### What to produce
For this exercise, copy exactly every line from the one holding "inferior mesenteric artery: no" through the end of the data, both included. Omit pictures.

Stored dataset items
┌──

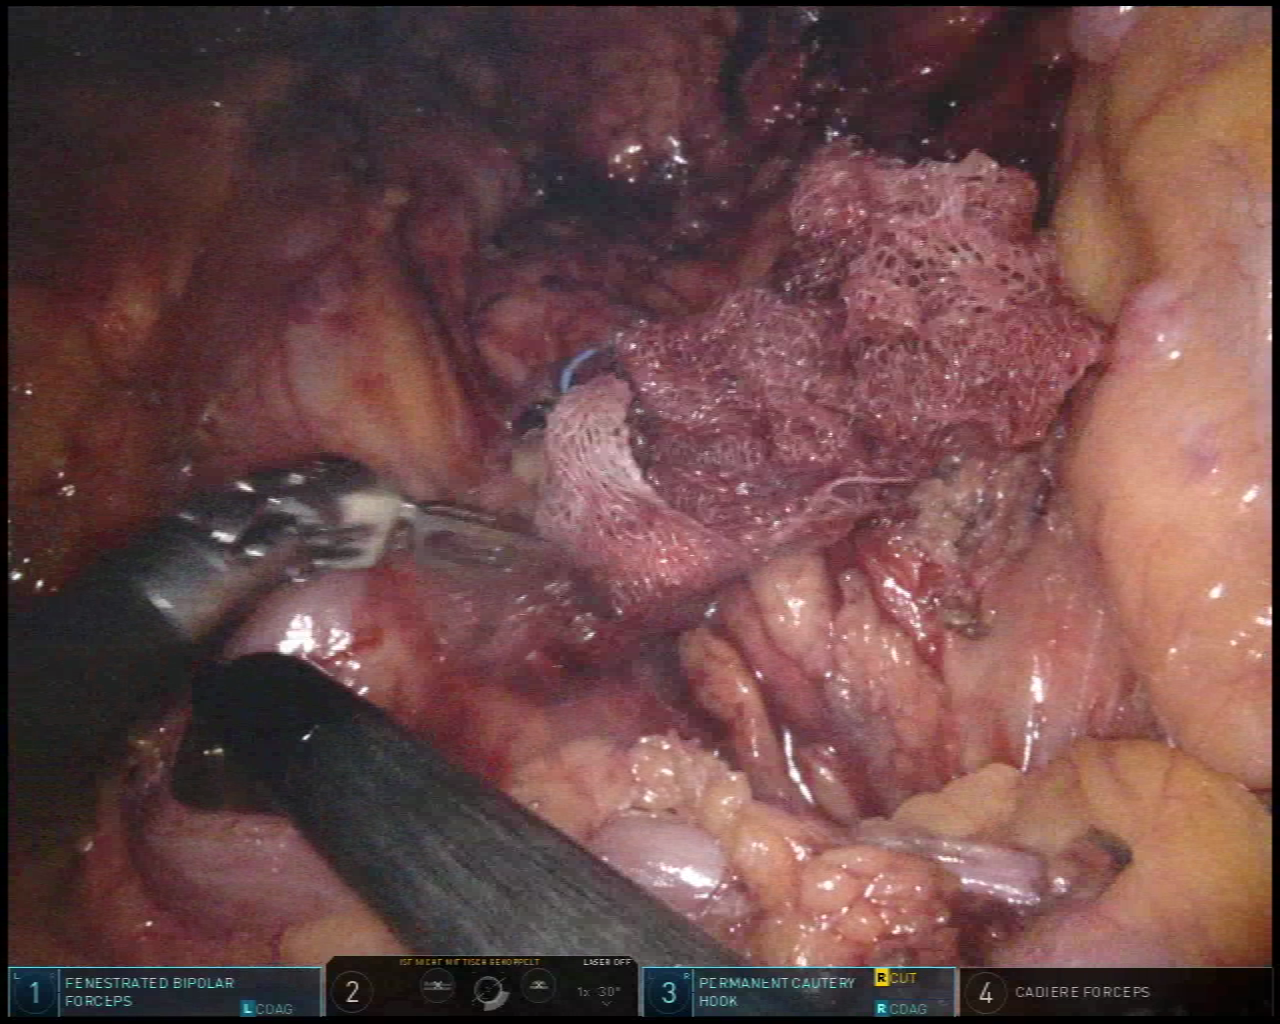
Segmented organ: colon
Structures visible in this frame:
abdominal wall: no
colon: yes
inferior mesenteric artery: no
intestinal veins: no
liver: no
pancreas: no
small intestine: no
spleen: no
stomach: no
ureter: no
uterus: no
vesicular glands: no
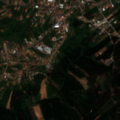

└──

### Result for this task
inferior mesenteric artery: no
intestinal veins: no
liver: no
pancreas: no
small intestine: no
spleen: no
stomach: no
ureter: no
uterus: no
vesicular glands: no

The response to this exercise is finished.